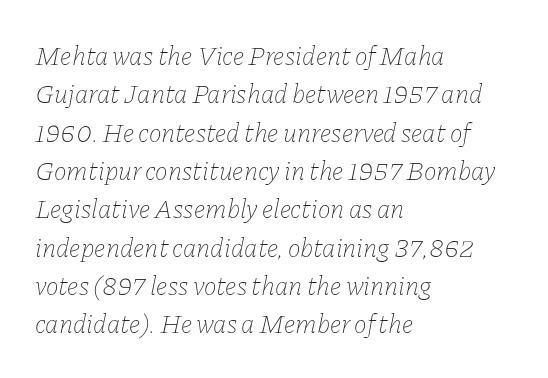
The image shows 27 px text type, italic (leaning right); set left-aligned, normal line spacing (1.42x), normal letter spacing, not underlined.
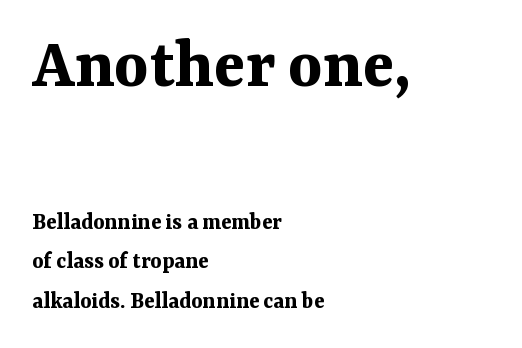
Q: Is the text bold? A: Yes.
Q: Is the text italic (slanted)? A: No, it is upright.
Q: Is the typeface a serif or a sans-serif typeface? A: Serif.
Q: Is the text underlined? A: No.
Q: How is the paragraph aligned? A: Left-aligned.
Q: Is the spacing between letters normal or unusually wide? A: Normal.
Q: Is the spacing between lines tight, normal or loose? A: Normal.
Q: Which block of text is set in a larger size, the first (top) or the second (bottom)? A: The first (top) one.
Q: Width (condensed, normal, or wide)? A: Normal.
Q: Stroke contrast? A: Medium.
Q: x-height? A: Medium.
Q: Monospaced? A: No.
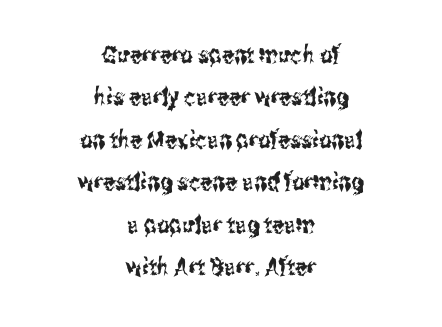
Q: Is the text italic (slanted)? A: No, it is upright.
Q: Is the text underlined? A: No.
Q: How is the paragraph aligned? A: Centered.
Q: Is the spacing between letters normal or unusually wide? A: Normal.
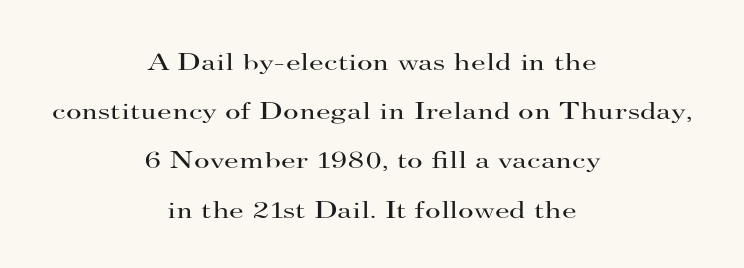
Visually the block forms a symmetrical silhouette, jagged on both flanks. No word sits above an underline. Nope, not italic — everything's standing straight. Line spacing here is loose. Weight: in the light-to-regular range. The type is set solid horizontally, with unmodified tracking.
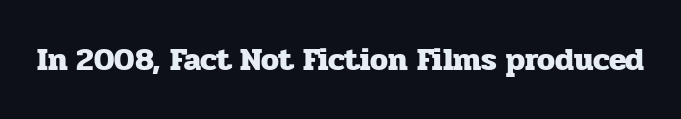
{"serif": "yes", "italic": "no", "bold": "yes", "weight": "heavy", "width": "normal", "stroke_contrast": "low", "x_height": "medium", "monospaced": "no", "underline": "no", "letter_spacing": "normal", "letter_spacing_em": 0.0, "glyph_px": 32}
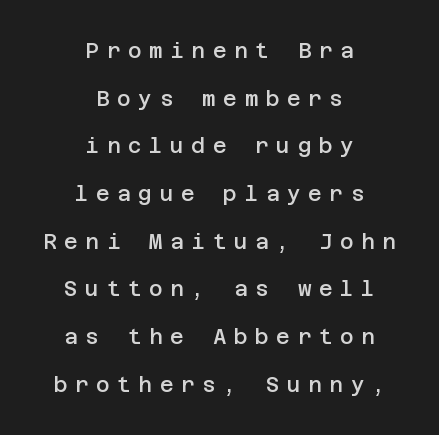
Q: Is the text bold? A: Semi-bold.
Q: Is the text italic (slanted)? A: No, it is upright.
Q: Is the text underlined? A: No.
Q: How is the paragraph aligned? A: Centered.
Q: Is the spacing between letters normal or unusually wide? A: Unusually wide.
Q: Is the spacing between lines tight, normal or loose? A: Loose.
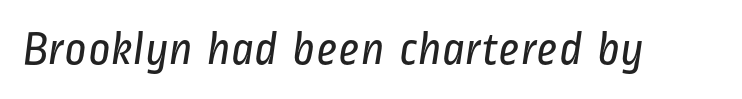
{"serif": "no", "bold": "no", "weight": "regular", "width": "condensed", "stroke_contrast": "low", "x_height": "medium", "monospaced": "no", "underline": "no", "letter_spacing": "normal", "letter_spacing_em": 0.0, "glyph_px": 48}
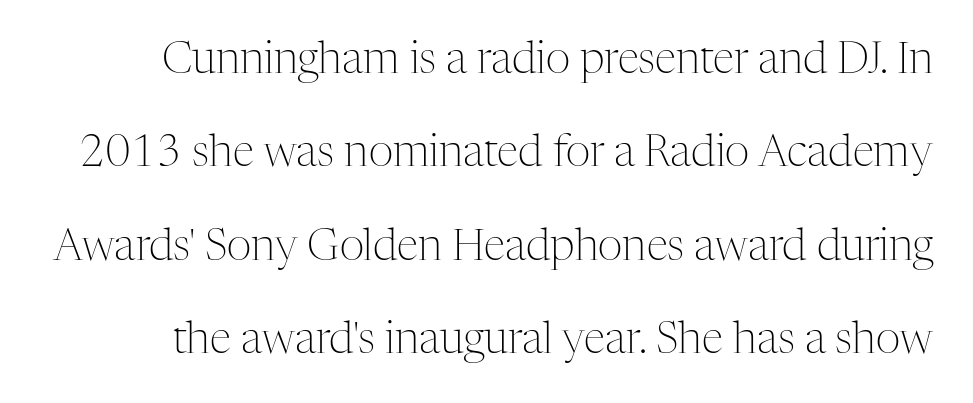
{"serif": "yes", "italic": "no", "bold": "no", "weight": "light", "width": "normal", "stroke_contrast": "medium", "x_height": "medium", "monospaced": "no", "underline": "no", "line_spacing": "loose", "line_spacing_ratio": 2.17, "letter_spacing": "normal", "letter_spacing_em": 0.0, "glyph_px": 43}
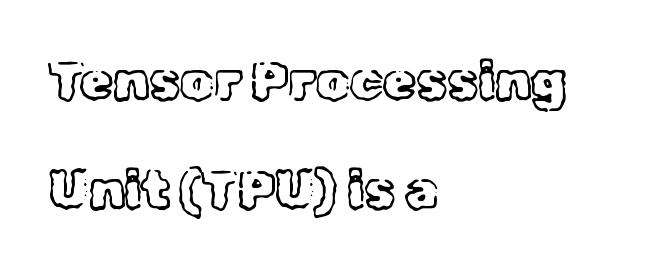
Q: Is the text bold? A: No.
Q: Is the text italic (slanted)? A: No, it is upright.
Q: Is the typeface a serif or a sans-serif typeface? A: Serif.
Q: Is the text underlined? A: No.
Q: How is the paragraph aligned? A: Left-aligned.
Q: Is the spacing between letters normal or unusually wide? A: Normal.
Q: Is the spacing between lines tight, normal or loose? A: Loose.
Q: Width (condensed, normal, or wide)? A: Normal.
Q: x-height? A: Medium.
Q: Monospaced? A: No.
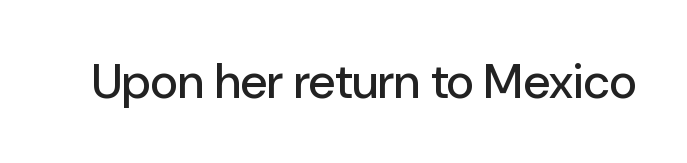
{"serif": "no", "italic": "no", "width": "normal", "stroke_contrast": "low", "x_height": "medium", "monospaced": "no", "underline": "no", "letter_spacing": "normal", "letter_spacing_em": 0.0, "glyph_px": 48}
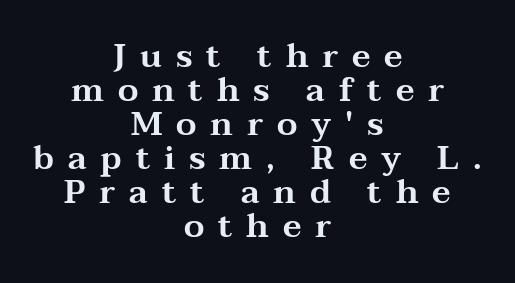
{"serif": "yes", "italic": "no", "width": "wide", "stroke_contrast": "medium", "x_height": "medium", "monospaced": "no", "underline": "no", "align": "center", "line_spacing": "tight", "line_spacing_ratio": 1.03, "letter_spacing": "wide", "letter_spacing_em": 0.42, "glyph_px": 33}
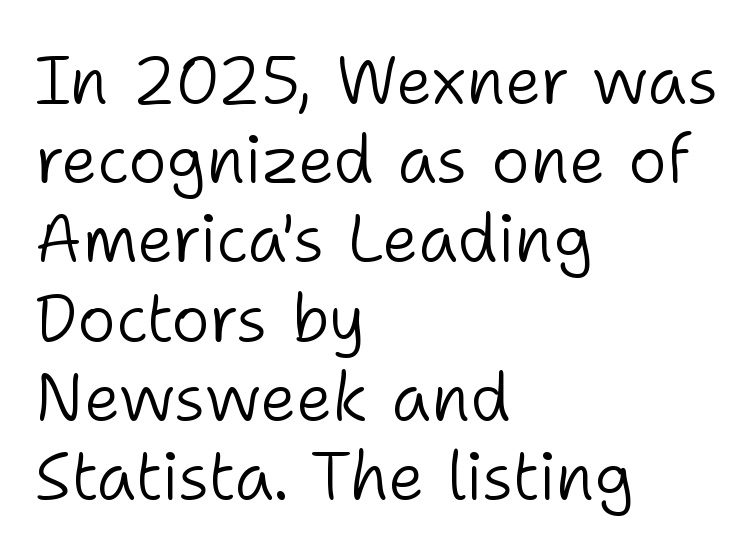
{"serif": "no", "italic": "no", "bold": "no", "weight": "light", "width": "normal", "stroke_contrast": "low", "x_height": "medium", "monospaced": "no", "underline": "no", "align": "left", "line_spacing_ratio": 1.2, "letter_spacing": "normal", "letter_spacing_em": 0.0, "glyph_px": 66}
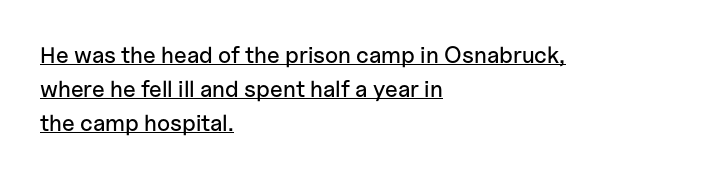
{"italic": "no", "underline": "yes", "align": "left", "line_spacing": "normal", "line_spacing_ratio": 1.48, "letter_spacing": "normal", "letter_spacing_em": 0.0, "glyph_px": 23}
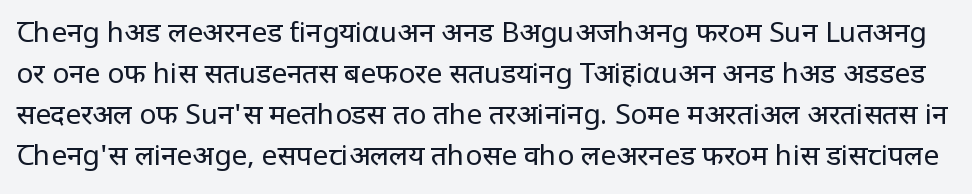
Q: Is the text bold? A: No.
Q: Is the text italic (slanted)? A: No, it is upright.
Q: Is the typeface a serif or a sans-serif typeface? A: Sans-serif.
Q: Is the text underlined? A: No.
Q: Is the spacing between letters normal or unusually wide? A: Normal.
Q: Is the spacing between lines tight, normal or loose? A: Normal.
Q: Width (condensed, normal, or wide)? A: Condensed.
Q: Stroke contrast? A: Low.
Q: x-height? A: Large.
Q: Monospaced? A: No.
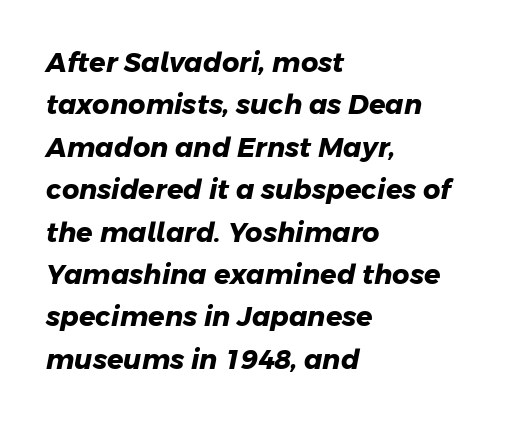
The letterforms sit shoulder to shoulder at normal distance. Typeset ragged right — the left edge is the straight one. The words here are not underlined. Regular leading. The characters look thick and weighty, a clear bold.
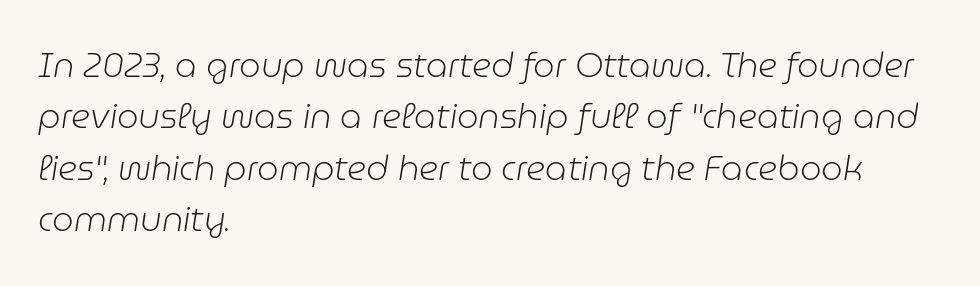
Q: Is the text bold? A: No.
Q: Is the text italic (slanted)? A: Yes, it leans right by about 9 degrees.
Q: Is the text underlined? A: No.
Q: How is the paragraph aligned? A: Left-aligned.
Q: Is the spacing between letters normal or unusually wide? A: Normal.
Q: Is the spacing between lines tight, normal or loose? A: Normal.
Q: Width (condensed, normal, or wide)? A: Normal.
Q: Stroke contrast? A: Low.
Q: x-height? A: Medium.
Q: Monospaced? A: No.
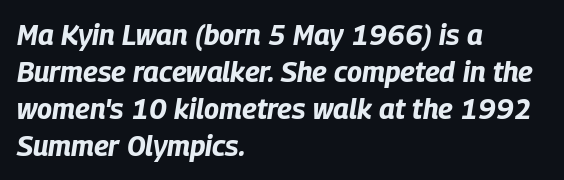
Varying glyph widths throughout — classic text-font behaviour. Teacher's note: observe the even left margin — that is flush-left alignment. The glyphs are unaccompanied by any horizontal stroke below them. Heavy, bold letterforms.
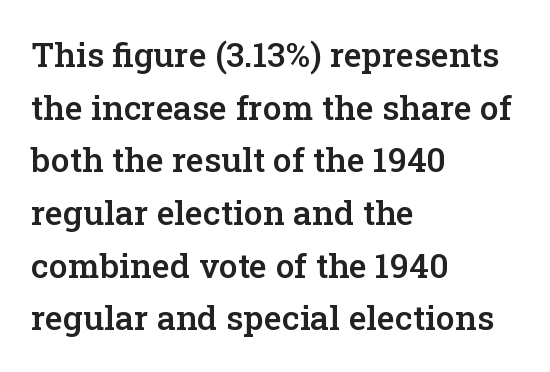
Q: Is the text bold? A: Semi-bold.
Q: Is the text italic (slanted)? A: No, it is upright.
Q: Is the typeface a serif or a sans-serif typeface? A: Serif.
Q: Is the text underlined? A: No.
Q: How is the paragraph aligned? A: Left-aligned.
Q: Is the spacing between letters normal or unusually wide? A: Normal.
Q: Is the spacing between lines tight, normal or loose? A: Normal.
Q: Width (condensed, normal, or wide)? A: Normal.
Q: Stroke contrast? A: Low.
Q: x-height? A: Medium.
Q: Monospaced? A: No.
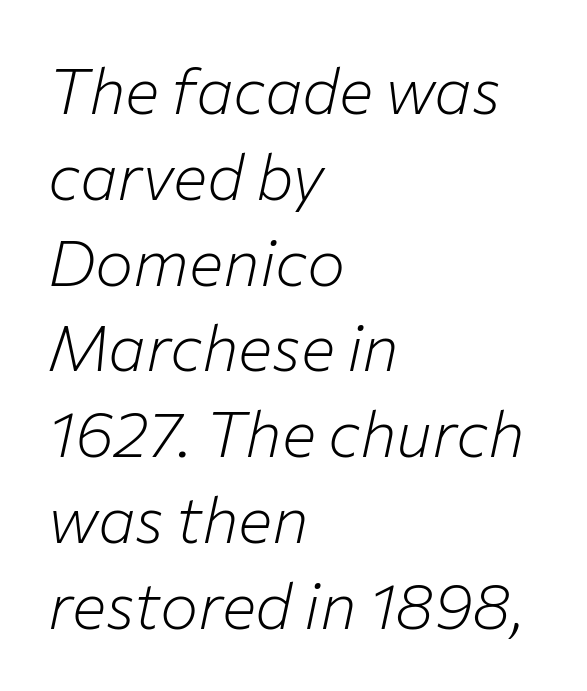
Quick note: underline off. Ink coverage per letter is moderate at most. If you drew a ruler down the left edge, every line would touch it. When letters slant like this, we call the style italic. Whoever set this chose a conventional vertical rhythm. Varying glyph widths throughout — classic text-font behaviour.
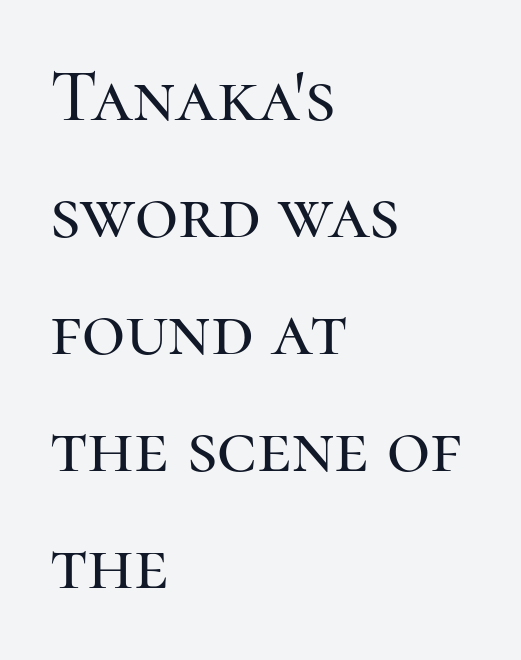
{"serif": "yes", "italic": "no", "width": "normal", "stroke_contrast": "high", "x_height": "medium", "monospaced": "no", "underline": "no", "align": "left", "line_spacing": "normal", "line_spacing_ratio": 1.56, "letter_spacing": "normal", "letter_spacing_em": 0.0, "glyph_px": 75}
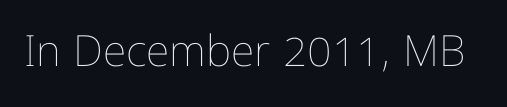
The image shows 43 px thin, condensed type, upright; set normal letter spacing, not underlined; low stroke contrast and a medium x-height.
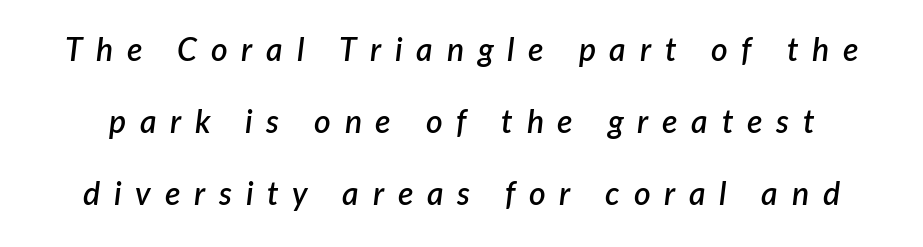
{"italic": "yes", "lean": "right", "slant_degrees": 7, "bold": "semi", "weight": "semibold", "width": "normal", "stroke_contrast": "low", "x_height": "medium", "monospaced": "no", "underline": "no", "line_spacing": "loose", "line_spacing_ratio": 2.25, "letter_spacing": "wide", "letter_spacing_em": 0.43, "glyph_px": 32}
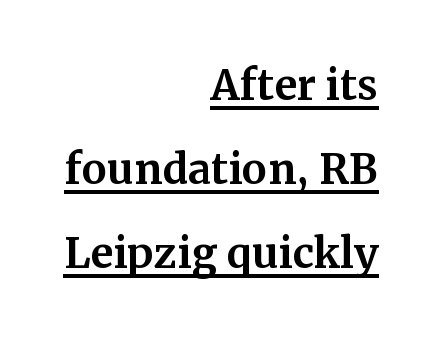
The image shows 56 px serif type, upright; set right-aligned, normal line spacing (1.5x), normal letter spacing, underlined; medium stroke contrast and a medium x-height.
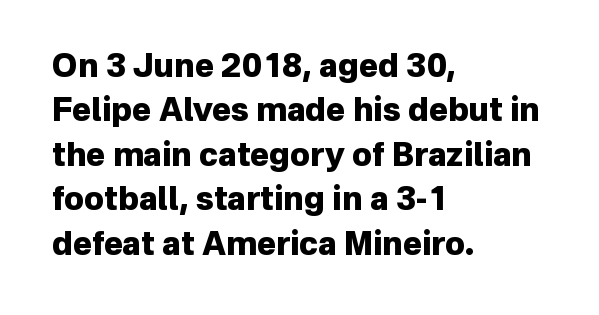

· · · ·

**Directions**
Your response must restate every record above exactly, with each picture omitted.

**Result**
The image shows 27 px text type, italic (leaning right); set left-aligned, normal line spacing (1.42x), normal letter spacing, not underlined.
Q: Is the text bold? A: Yes.
Q: Is the text italic (slanted)? A: No, it is upright.
Q: Is the typeface a serif or a sans-serif typeface? A: Serif.
Q: Is the text underlined? A: No.
Q: How is the paragraph aligned? A: Left-aligned.
Q: Is the spacing between letters normal or unusually wide? A: Normal.
Q: Is the spacing between lines tight, normal or loose? A: Normal.
Q: Which block of text is set in a larger size, the first (top) or the second (bottom)? A: The first (top) one.
Q: Width (condensed, normal, or wide)? A: Normal.
Q: Stroke contrast? A: Medium.
Q: x-height? A: Medium.
Q: Monospaced? A: No.
Q: Is the text italic (slanted)? A: No, it is upright.
Q: Is the text underlined? A: No.
Q: How is the paragraph aligned? A: Centered.
Q: Is the spacing between letters normal or unusually wide? A: Normal.
Visually the block forms a symmetrical silhouette, jagged on both flanks. No word sits above an underline. Nope, not italic — everything's standing straight. Line spacing here is loose. Weight: in the light-to-regular range. The type is set solid horizontally, with unmodified tracking.
{"serif": "yes", "italic": "no", "bold": "yes", "weight": "heavy", "width": "normal", "stroke_contrast": "low", "x_height": "medium", "monospaced": "no", "underline": "no", "letter_spacing": "normal", "letter_spacing_em": 0.0, "glyph_px": 32}
Q: Is the text bold? A: Semi-bold.
Q: Is the text italic (slanted)? A: No, it is upright.
Q: Is the text underlined? A: No.
Q: How is the paragraph aligned? A: Centered.
Q: Is the spacing between letters normal or unusually wide? A: Unusually wide.
Q: Is the spacing between lines tight, normal or loose? A: Loose.
{"serif": "no", "bold": "no", "weight": "regular", "width": "condensed", "stroke_contrast": "low", "x_height": "medium", "monospaced": "no", "underline": "no", "letter_spacing": "normal", "letter_spacing_em": 0.0, "glyph_px": 48}
{"serif": "yes", "italic": "no", "bold": "no", "weight": "light", "width": "normal", "stroke_contrast": "medium", "x_height": "medium", "monospaced": "no", "underline": "no", "line_spacing": "loose", "line_spacing_ratio": 2.17, "letter_spacing": "normal", "letter_spacing_em": 0.0, "glyph_px": 43}
Q: Is the text bold? A: No.
Q: Is the text italic (slanted)? A: No, it is upright.
Q: Is the typeface a serif or a sans-serif typeface? A: Serif.
Q: Is the text underlined? A: No.
Q: How is the paragraph aligned? A: Left-aligned.
Q: Is the spacing between letters normal or unusually wide? A: Normal.
Q: Is the spacing between lines tight, normal or loose? A: Loose.
Q: Width (condensed, normal, or wide)? A: Normal.
Q: x-height? A: Medium.
Q: Monospaced? A: No.
{"serif": "no", "italic": "no", "width": "normal", "stroke_contrast": "low", "x_height": "medium", "monospaced": "no", "underline": "no", "letter_spacing": "normal", "letter_spacing_em": 0.0, "glyph_px": 48}
{"serif": "yes", "italic": "no", "width": "wide", "stroke_contrast": "medium", "x_height": "medium", "monospaced": "no", "underline": "no", "align": "center", "line_spacing": "tight", "line_spacing_ratio": 1.03, "letter_spacing": "wide", "letter_spacing_em": 0.42, "glyph_px": 33}
{"serif": "no", "italic": "no", "bold": "no", "weight": "light", "width": "normal", "stroke_contrast": "low", "x_height": "medium", "monospaced": "no", "underline": "no", "align": "left", "line_spacing_ratio": 1.2, "letter_spacing": "normal", "letter_spacing_em": 0.0, "glyph_px": 66}
{"italic": "no", "underline": "yes", "align": "left", "line_spacing": "normal", "line_spacing_ratio": 1.48, "letter_spacing": "normal", "letter_spacing_em": 0.0, "glyph_px": 23}
Q: Is the text bold? A: No.
Q: Is the text italic (slanted)? A: No, it is upright.
Q: Is the typeface a serif or a sans-serif typeface? A: Sans-serif.
Q: Is the text underlined? A: No.
Q: Is the spacing between letters normal or unusually wide? A: Normal.
Q: Is the spacing between lines tight, normal or loose? A: Normal.
Q: Width (condensed, normal, or wide)? A: Condensed.
Q: Stroke contrast? A: Low.
Q: x-height? A: Large.
Q: Monospaced? A: No.
The letterforms sit shoulder to shoulder at normal distance. Typeset ragged right — the left edge is the straight one. The words here are not underlined. Regular leading. The characters look thick and weighty, a clear bold.
Q: Is the text bold? A: No.
Q: Is the text italic (slanted)? A: Yes, it leans right by about 9 degrees.
Q: Is the text underlined? A: No.
Q: How is the paragraph aligned? A: Left-aligned.
Q: Is the spacing between letters normal or unusually wide? A: Normal.
Q: Is the spacing between lines tight, normal or loose? A: Normal.
Q: Width (condensed, normal, or wide)? A: Normal.
Q: Stroke contrast? A: Low.
Q: x-height? A: Medium.
Q: Monospaced? A: No.
Varying glyph widths throughout — classic text-font behaviour. Teacher's note: observe the even left margin — that is flush-left alignment. The glyphs are unaccompanied by any horizontal stroke below them. Heavy, bold letterforms.
Q: Is the text bold? A: Semi-bold.
Q: Is the text italic (slanted)? A: No, it is upright.
Q: Is the typeface a serif or a sans-serif typeface? A: Serif.
Q: Is the text underlined? A: No.
Q: How is the paragraph aligned? A: Left-aligned.
Q: Is the spacing between letters normal or unusually wide? A: Normal.
Q: Is the spacing between lines tight, normal or loose? A: Normal.
Q: Width (condensed, normal, or wide)? A: Normal.
Q: Stroke contrast? A: Low.
Q: x-height? A: Medium.
Q: Monospaced? A: No.
Quick note: underline off. Ink coverage per letter is moderate at most. If you drew a ruler down the left edge, every line would touch it. When letters slant like this, we call the style italic. Whoever set this chose a conventional vertical rhythm. Varying glyph widths throughout — classic text-font behaviour.
{"serif": "yes", "italic": "no", "width": "normal", "stroke_contrast": "high", "x_height": "medium", "monospaced": "no", "underline": "no", "align": "left", "line_spacing": "normal", "line_spacing_ratio": 1.56, "letter_spacing": "normal", "letter_spacing_em": 0.0, "glyph_px": 75}
The image shows 43 px thin, condensed type, upright; set normal letter spacing, not underlined; low stroke contrast and a medium x-height.
{"italic": "yes", "lean": "right", "slant_degrees": 7, "bold": "semi", "weight": "semibold", "width": "normal", "stroke_contrast": "low", "x_height": "medium", "monospaced": "no", "underline": "no", "line_spacing": "loose", "line_spacing_ratio": 2.25, "letter_spacing": "wide", "letter_spacing_em": 0.43, "glyph_px": 32}
The image shows 56 px serif type, upright; set right-aligned, normal line spacing (1.5x), normal letter spacing, underlined; medium stroke contrast and a medium x-height.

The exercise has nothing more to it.